• [Activity] Exactly and only the lines from the first entry through the line with "ကံရှိသည် တိုင်ပင်ပြီး အကုသိုလ်၏" should be copied, both ends included, with no pictures.

Dataset below:

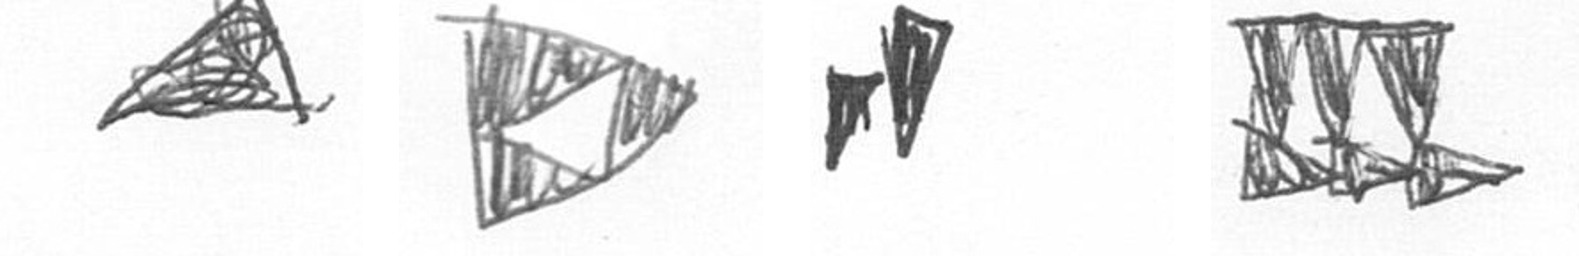
O K M D
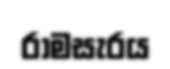
රාමසැරය
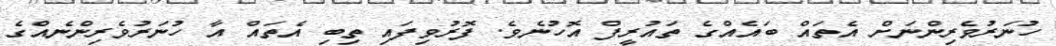
ހުނަރުވެރިންނަށް އެތައް ބައެއްގެ ތައުރީފް އޮހުނެވެ. ފޮރުވިފައި ތިބި އެތައް އާ ހުނަރުވެރިންނެއްގެ
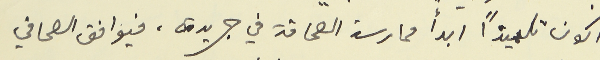
اكون تلميذاً ابدأ ممارسة الصحافة في جريدة، فيوافق الصحافي
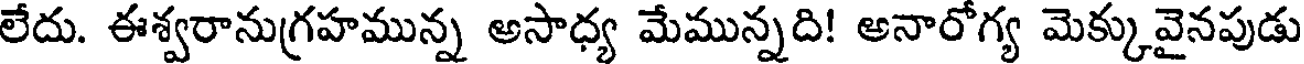
లేదు. ఈశ్వరానుగ్రహమున్న అసాధ్య మేమున్నది! అనారోగ్య మెక్కువైనపుడు
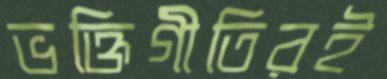
ভক্তিগীতিরই
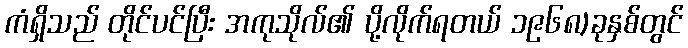
ကံရှိသည် တိုင်ပင်ပြီး အကုသိုလ်၏ ပို့လိုက်ရတယ် ၁၉၆၈)ခုနှစ်တွင်
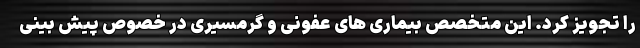
را تجویز کرد. این متخصص بیماری های عفونی و گرمسیری در خصوص پیش بینی
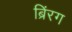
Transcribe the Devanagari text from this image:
ब्रिंरग
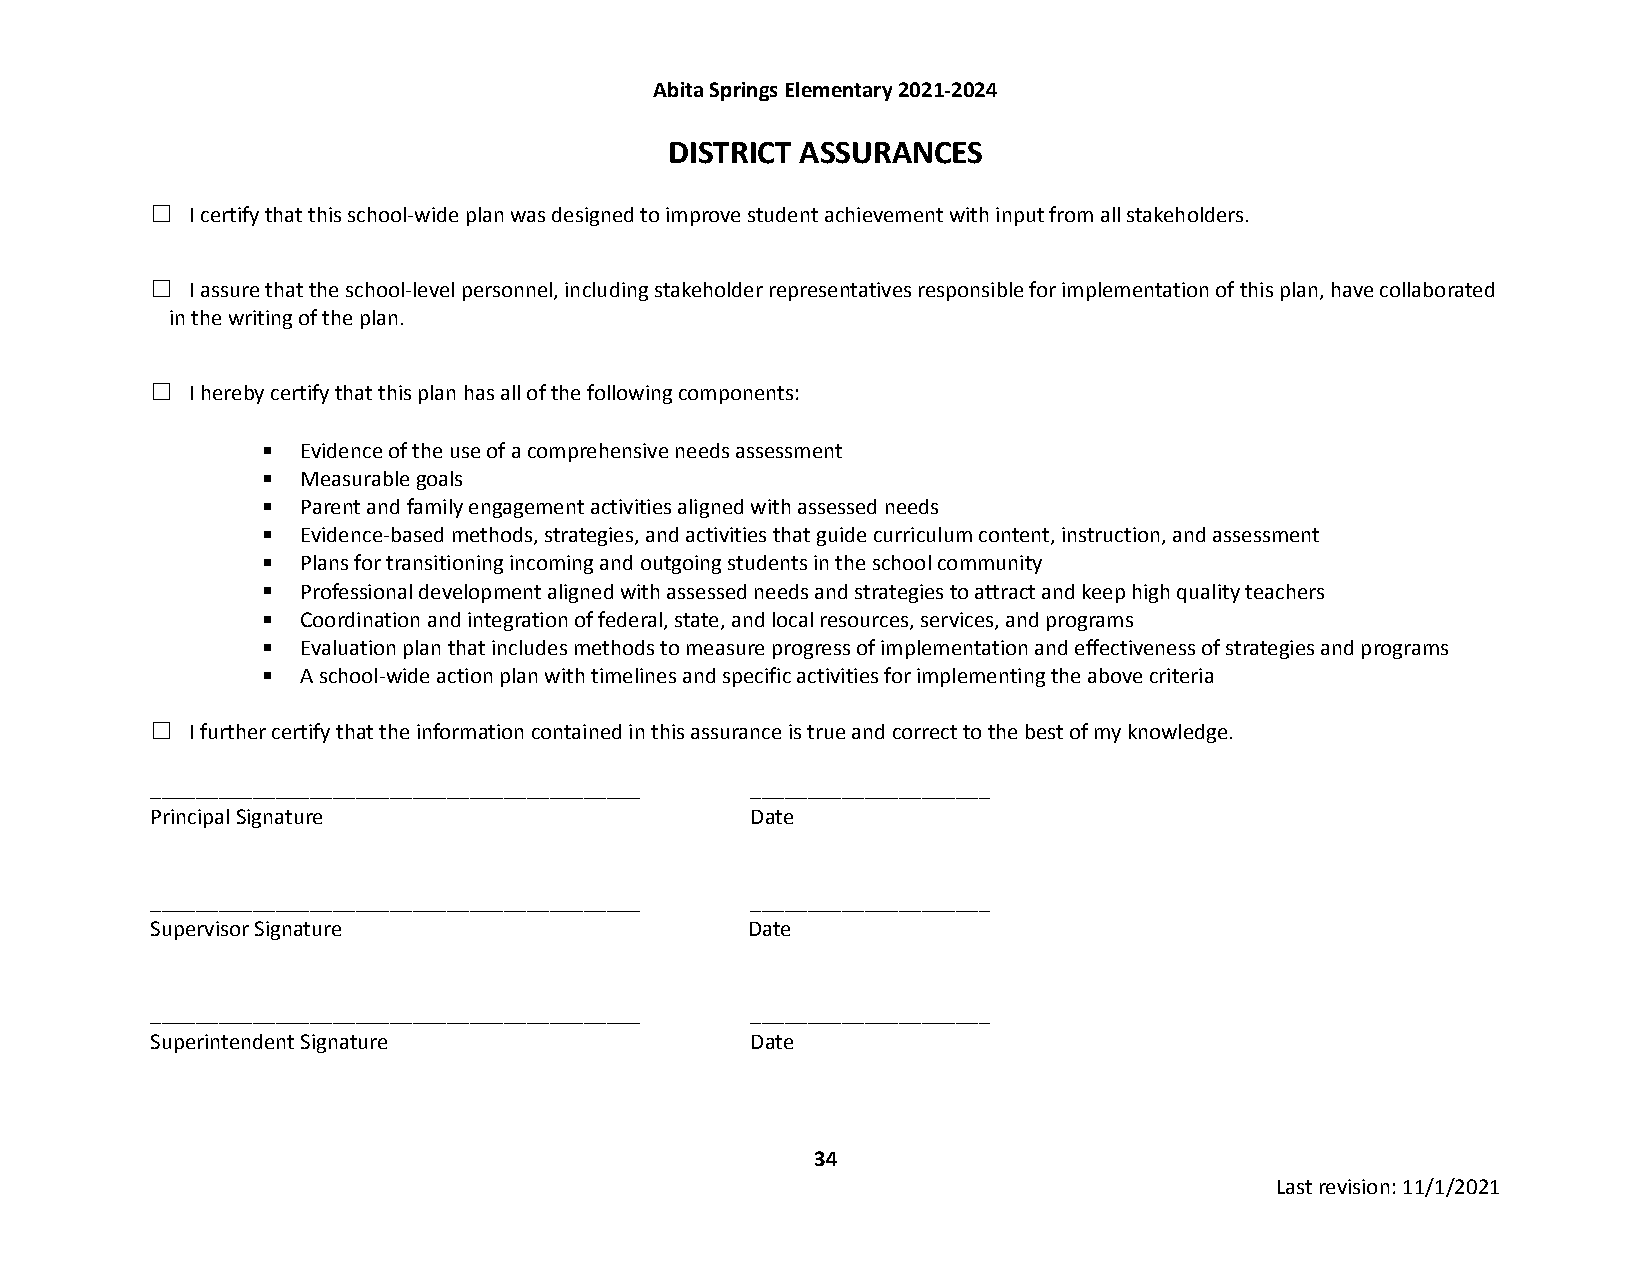
Abita Springs Elementary 2021-2024
 DISTRICT ASSURANCES
 ☐  I certify that this school-wide plan was designedto improve student achievement with input from all stakeholders.
 ☐  I assure that the school-level personnel, includingstakeholder representatives responsible for implementation of this plan, have collaborated
 in the writing of the plan.
 ☐  I hereby certify that this plan has all of thefollowing components:
 ▪  Evidence of the use of a comprehensive needs assessment
 ▪  Measurable goals
 ▪  Parent and family engagement activities aligned with assessed needs
 ▪  Evidence-based methods, strategies, and activities that guide curriculum content, instruction, and assessment
 ▪  Plans for transitioning incoming and outgoing students in the school community
 ▪  Professional development aligned with assessed needs and strategies to attract and keep high quality teachers
 ▪  Coordination and integration of federal, state, and local resources, services, and programs
 ▪  Evaluation plan that includes methods to measure progress of implementation and effectiveness of strategies and programs
 ▪  A school-wide action plan with timelines and specific activities for implementing the above criteria
 ☐  I further certify that the information containedin this assurance is true and correct to the best of my knowledge.
 ___________________________________________ _____________________
 Principal Signature                     Date
 ___________________________________________ _____________________
 Supervisor Signature                   Date
 ___________________________________________ _____________________
 Superintendent Signature                Date
 34
 Last revision: 11/1/2021
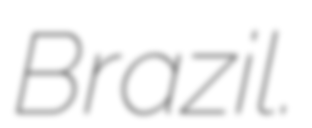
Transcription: Brazil.
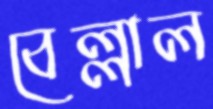
বেল্লাল
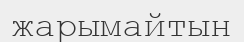
жарымайтын
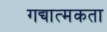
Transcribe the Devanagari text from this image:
गद्यात्मकता
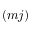
( m j )
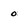
Character: 0
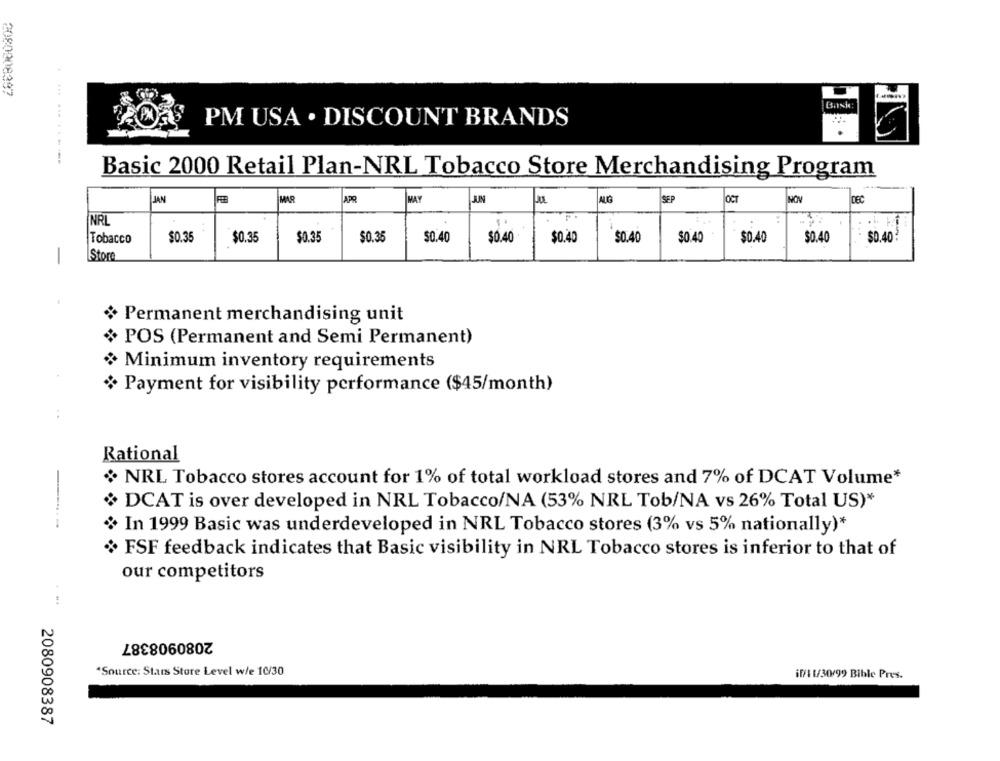
2080908387
PM USA . DISCOUNT BRANDS
Basic 2000 Retail Plan-NRL Tobacco Store Merchandising Program
NVT
APR
JUN
SEP
NOV
DEC
MAR
MAY
NRL
..
$0.40?
Tobacco
$0.35
$0.35
$0.35
$0.35
$0.40
$0.40
$0.40
$0.40
$0.40
$0.40
$0.40
Store
Permanent merchandising unit
POS (Permanent and Semi Permanent)
Minimum inventory requirements
Payment for visibility performance ($45/month)
Rational
¿ NRL Tobacco stores account for 1% of total workload stores and 7% of DCAT Volume*
DCAT is over developed in NRL Tobacco/NA (53% NRL Tob/NA vs 26% Total US)*
In 1999 Basic was underdeveloped in NRL Tobacco stores (3% vs 5% nationally)*
FSF feedback indicates that Basic visibility in NRL Tobacco stores is inferior to that of
our competitors
2080908387
"Source: Stars Store Level w/e 10/30
if/1 1/30/99 Bible Pres.
2080908387
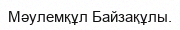
Мәулемқұл Байзақұлы.
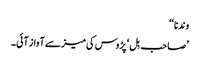
وندنا ‘‘
’صاحب بِل‘ پڑوس کی میز سے آواز آئی۔
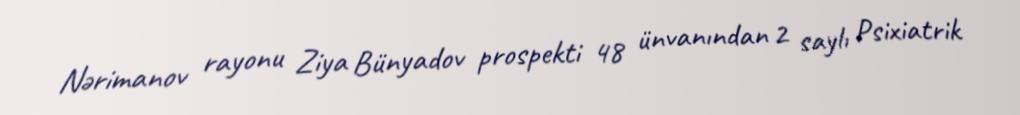
Nərimanov rayonu Ziya Bünyadov prospekti 48 ünvanından 2 saylı Psixiatrik
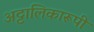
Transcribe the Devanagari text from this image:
अट्टालिकारूपी

End of Dataset.

• [Answer space]
O K M D
රාමසැරය
ހުނަރުވެރިންނަށް އެތައް ބައެއްގެ ތައުރީފް އޮހުނެވެ. ފޮރުވިފައި ތިބި އެތައް އާ ހުނަރުވެރިންނެއްގެ
اكون تلميذاً ابدأ ممارسة الصحافة في جريدة، فيوافق الصحافي
లేదు. ఈశ్వరానుగ్రహమున్న అసాధ్య మేమున్నది! అనారోగ్య మెక్కువైనపుడు
ভক্তিগীতিরই
ကံရှိသည် တိုင်ပင်ပြီး အကုသိုလ်၏ ပို့လိုက်ရတယ် ၁၉၆၈)ခုနှစ်တွင်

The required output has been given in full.